Ez 18: 19-22 - Mas dizeis: Por que não leva o filho a iniqüidade do pai? Porque o filho fez o que era reto e justo, e guardou todos os meus estatutos, e os praticou, por isso, certamente, viverá. A alma que pecar, essa morrerá; o filho não levará a iniqüidade do pai, nem o pai, a iniqüidade do filho; a justiça do justo ficará sobre ele, e a perversidade do perverso cairá sobre este. Mas, se o perverso se converter de todos os pecados que cometeu, e guardar todos os meus estatutos, e fizer o que é reto e justo, certamente, viverá; não será morto. De todas as transgressões que cometeu não haverá lembrança contra ele; pela justiça que praticou, viverá.


É meu amigo, cada um responde por si próprio perante o Eterno. Não adianta dizer que seu pai é Rosh, que sua mãe é uma Eshet Chayil, ou seja lá o que você quiser usar como desculpas.


Arão perdeu dois filhos, por oferecerem um incenso que HaShem não havia pedido. Nem o sumo-sacerdote e nem Noshe foram capazes de salvar Nadabe e Abiú da morte.

Muitos anos mais tarde, o sacerdote Eli também tinha maus filhos, (Leia 1 Sm 2:12) e por mais que alertasse, seus filhos faziam o que era mal perante os olhos do Eterno. Quando soube da morte dos filhos, o próprio sacerdote, caiu da cadeira e morreu. (1 Sm 4).

Com Jó, a Bíblia relata que depois dos banquetes oferecidos por seus filhos, ele mesmo oferecia holocaustos, por causa da eventualidade de eles terem pecado... Nada adianta isso!


Cada um deve ser responsável por sua própria vida. Devemos cuidar de nós mesmos, pra ninguém chorar depois. Nadabe e Abiú não morreram em vão. A morte dele serviu pra nos mostrar mais uma vez que HaShem não faz distinção de pessoas. Portanto, cuide bem da sua vida! Cuide bem da sua coroa! Pra depois ninguém ficar chorando sobre o leite derramado.

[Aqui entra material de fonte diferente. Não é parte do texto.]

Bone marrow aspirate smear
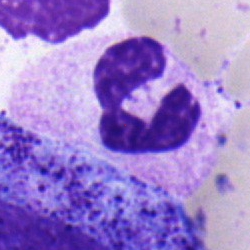

This is a polymorphonuclear neutrophil.
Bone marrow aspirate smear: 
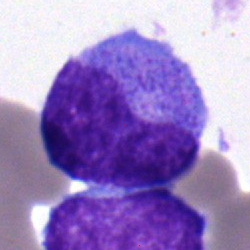

Morphological class: blast cell.
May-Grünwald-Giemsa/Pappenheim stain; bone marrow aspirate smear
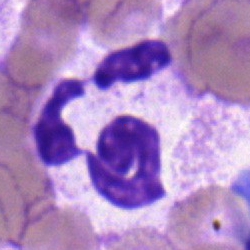

Q: What type of cell is this?
A: It is a polymorphonuclear neutrophil.
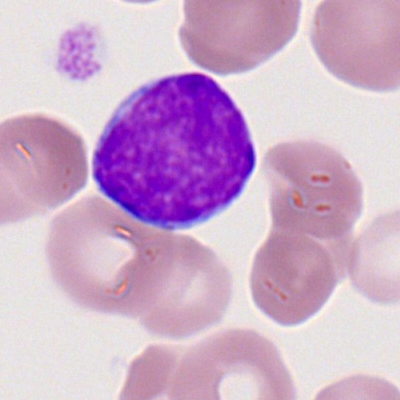

Classification: myeloid blast.
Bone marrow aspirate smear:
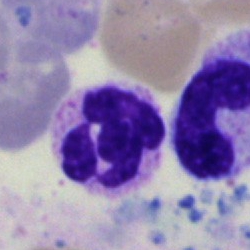Specimen: bone marrow aspirate smear.
Cell: segmented neutrophil.
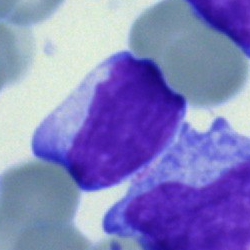

Bone marrow smear showing a typical lymphocyte.
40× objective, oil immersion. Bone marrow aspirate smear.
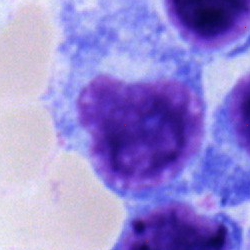 Showing a plasmacyte.
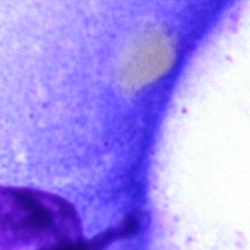

Classification: artefact.

quinta-feira, 17 de março de 2011

Tsav, o fogo que arde e traz expiação


Quando lemos a parashah de Tsav (Lv 6:1 a 8:36) temos “Desse modo, o fogo sobre o alar será mantido aceso: ele não deve ser apagado. Toda manhã, o kohen porá fogo na madeira sobre ele, arrumará a oferta queimada e queimará a gordura das ofertas de paz. O fogo será mantido aceso continuamente sobre o altar: ele não deverá ser apagado.” (Lv 6:5,6 Torah, Lv 6:12,13 Biblia)
Falar de sacrifícios é sempre algo difícil, penoso, pois sempre traz à memória os pecados, e o único caminho para um israelita dormir em paz seria trazendo o sacrifício para expiar seus pecados e enfim, ele voltar a ter a consciência tranquila. Mas, esse textotraz algo muito especial:
A chama deveria estar sempre acesa, ardendo. E o que isso tem de especial?
Ora, quer dizer que o perdão dos pecados estava (e ainda está) sempre ao alcance de todos. D-us, o Eterno Criador dos céus e da terra nos dá sempre a oportunidade de nos arrependermos de nossos erros e buscarmos o perdão. Isso é o fundamental.
Agora, cabe a nós completarmos a obra. Se Ele mantém a possibilidade do perdão dos pecados, o que resta a nós? Resta nos arrependermos e buscarmos esse perdão. Só assim você será capaz de deitar em paz. Sobre isso, quero citar um salmo que gosto bastante:
“Irai-vos e não pequeis; consultai no travesseiro o coração e sossegai. Oferecei sacrifícios de justiça e confiai no SENHOR...Em paz me deito e logo pego no sono, porque, SENHOR, só tu me fazes repousar seguro. ” (Sl 4:4,5,8)
Aproveite essa meditação para buscar ao Eterno (enquanto há tempo) e pedir o perdão dos seus pecados. Quem sabe você ainda seja capaz de perceber que a chama do perdão ainda está lá, aguardando que você vá até ela?! Queira dormir em paz. Durma em paz!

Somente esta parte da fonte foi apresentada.